Kamis, 06 Juni 2013

Keeping the Big Dominoes from Falling

Can the failure of a single, small entity possibly cause the collapse of a much larger entity?

The answer, of course, is yes, provided that the failure of the small entity triggers the release of a greater amount of destructive energy than it took to make it fail. If that release of pent-up destructive energy then triggers the subsequent failure of a larger entity, then the potential for a sustained chain reaction that grows in scale exists. This is called a cascading failure.

It's kind of like dominoes, where a small domino can be set to knock down a larger one, which can then spark off a chain reaction where larger and larger dominoes can be made to fall (HT: PhysOrg).

Here, once the dominoes are lined up and have begun to fall, the only thing that can avoid the collapse of the entire system is an active intervention that creates a gap to interrupt the systemic failure.

That's kind of like how a crime wave can be suppressed in a community through a dramatic increase in police activity after it has started, provided the community wants the crime to stop. Note the parallels to a cascading failure in the basic description below for how a crime wave can take hold in the quoted passage below:

Crime can happen anywhere, but it usually doesn't.

Researchers have noticed that criminal activity seems to be concentrated in self-perpetuating hotspots. Crime leads to more crime. Then, from these epicenters, crime spreads outward through the community.

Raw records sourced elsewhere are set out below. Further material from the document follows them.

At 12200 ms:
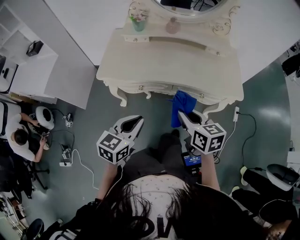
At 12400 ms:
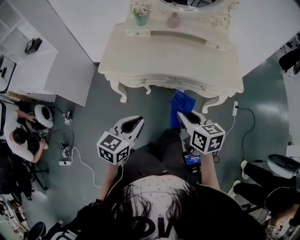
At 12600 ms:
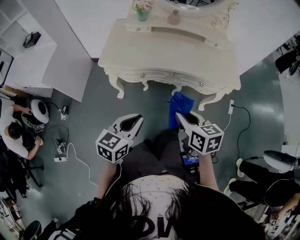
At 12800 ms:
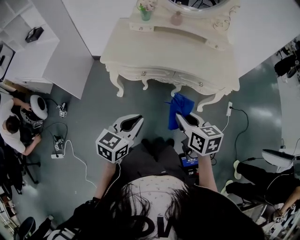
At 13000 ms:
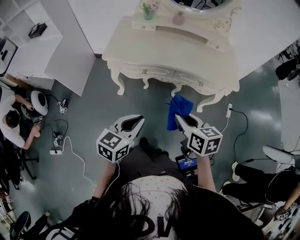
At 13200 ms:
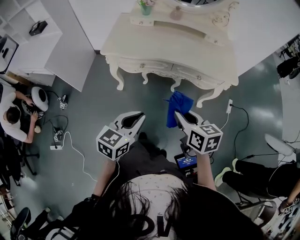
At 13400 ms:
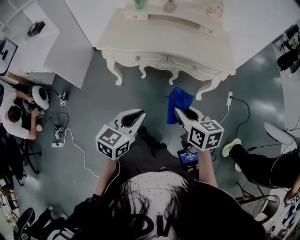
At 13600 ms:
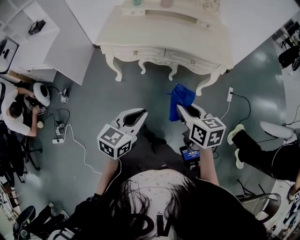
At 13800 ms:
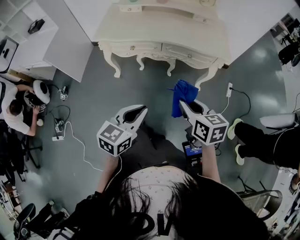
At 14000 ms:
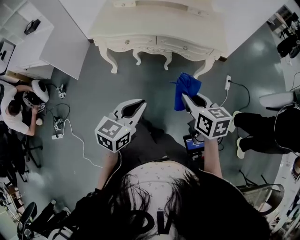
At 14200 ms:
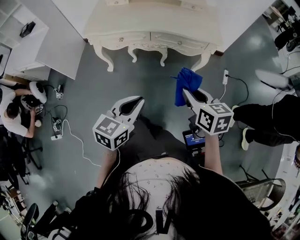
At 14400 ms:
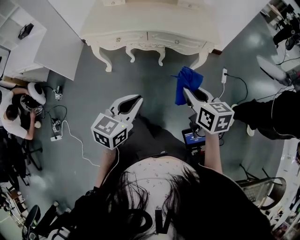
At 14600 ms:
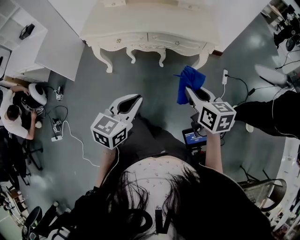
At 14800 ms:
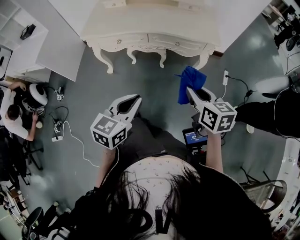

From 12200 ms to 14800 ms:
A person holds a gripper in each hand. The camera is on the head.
From 12200 ms to 13400 ms: The two grippers go roughly 15 cm backward.
From 13400 ms to 14800 ms: The right gripper travels to the right by about 15 cm. Meanwhile the left gripper shifts about 10 cm to the right.

Mathematicians have a model they've used to study this kind of behavior. It's called a reaction-diffusion-advection system, and criminologists have found it a useful way to analyze issues like "near-repeat victimization" – the observation that single neighborhoods, and even single households, see a disproportionate share of crime.

What criminologists Nancy Rodríguez, Lenya Ryzhik and Henri Berestycki have recently found however is that whether a crime wave can propagate itself depends greatly upon the attitude that the people within the community have with respect to crime itself.

Here, if a community is "pro-crime" or is neutral toward crime, or rather, when a community is not positively supportive of law enforcement, a crime wave cannot be suppressed once it has begun. But if the community is opposed to crime, or is positively supportive of law enforcement, then the crime wave can be arrested, provided a large enough intervention can be deployed to create a gap in the criminal activity. It all comes down to the prevailing choice of the community.

This choice is significant, because a crime wave spreading through a pro-crime population can't be entirely stopped. You end up, Rodríguez said, "always having crime everywhere."

The news is nearly as bad when the population has a neutral attitude toward crime. Although crime primarily persists in hotspots, waves of crime are just as unstoppable.

But if the population has an overall anti-crime stance – meaning that the population is more reluctant to engage in criminal activity – two outcomes are possible. High crime rates can spread, but so can waves of zero criminal activity. And, unlike in the other scenarios, high crime rates can be stopped by adding in a "gap."

In the world of the model, the gap is a stretch of space where the incentive to commit a crime is zero. This corresponds to real-life disincentives to commit crimes, such as an increased police presence, with longer gaps representing more anti-crime efforts.

Rodríguez found that a long enough gap – a large enough police crackdown, for instance – will completely contain a crime outbreak.

The same logic applies toward financial systems, where the only thing that prevents an economic collapse from occurring after the failure of a small entity is the trust that people have in government and financial institutions for the interventions they might undertake to create sufficient gaps in the financial system to prevent the small failure from propagating into a wide-scale one.

If people increasingly distrust those institutions, then the risk of a cascading failure grows, because the interventions that might otherwise be effective in arresting a series of failures after they have begun would be rendered impotent.

That, more than anything else, is what is at stake in the abuse of power scandals and increase in crony capitalism in Washington D.C. Or for that matter, in the ongoing economic crises within the European Union.

In both cases, we'll only know if the balance has been tipped from stability toward instability as once-small failures can no longer be contained from spreading to cause larger and larger failures.

Elsewhere on the Web

The WSJ reports that the Bank of International Settlements may have finally discovered how to create the needed gap to keep the failure of a "too-big-too-fail" bank (ala Lehman Brothers) from collapsing the entire financial system.

Update 7 June 2013: A sharp-eyed reader points us directly to the BIS study.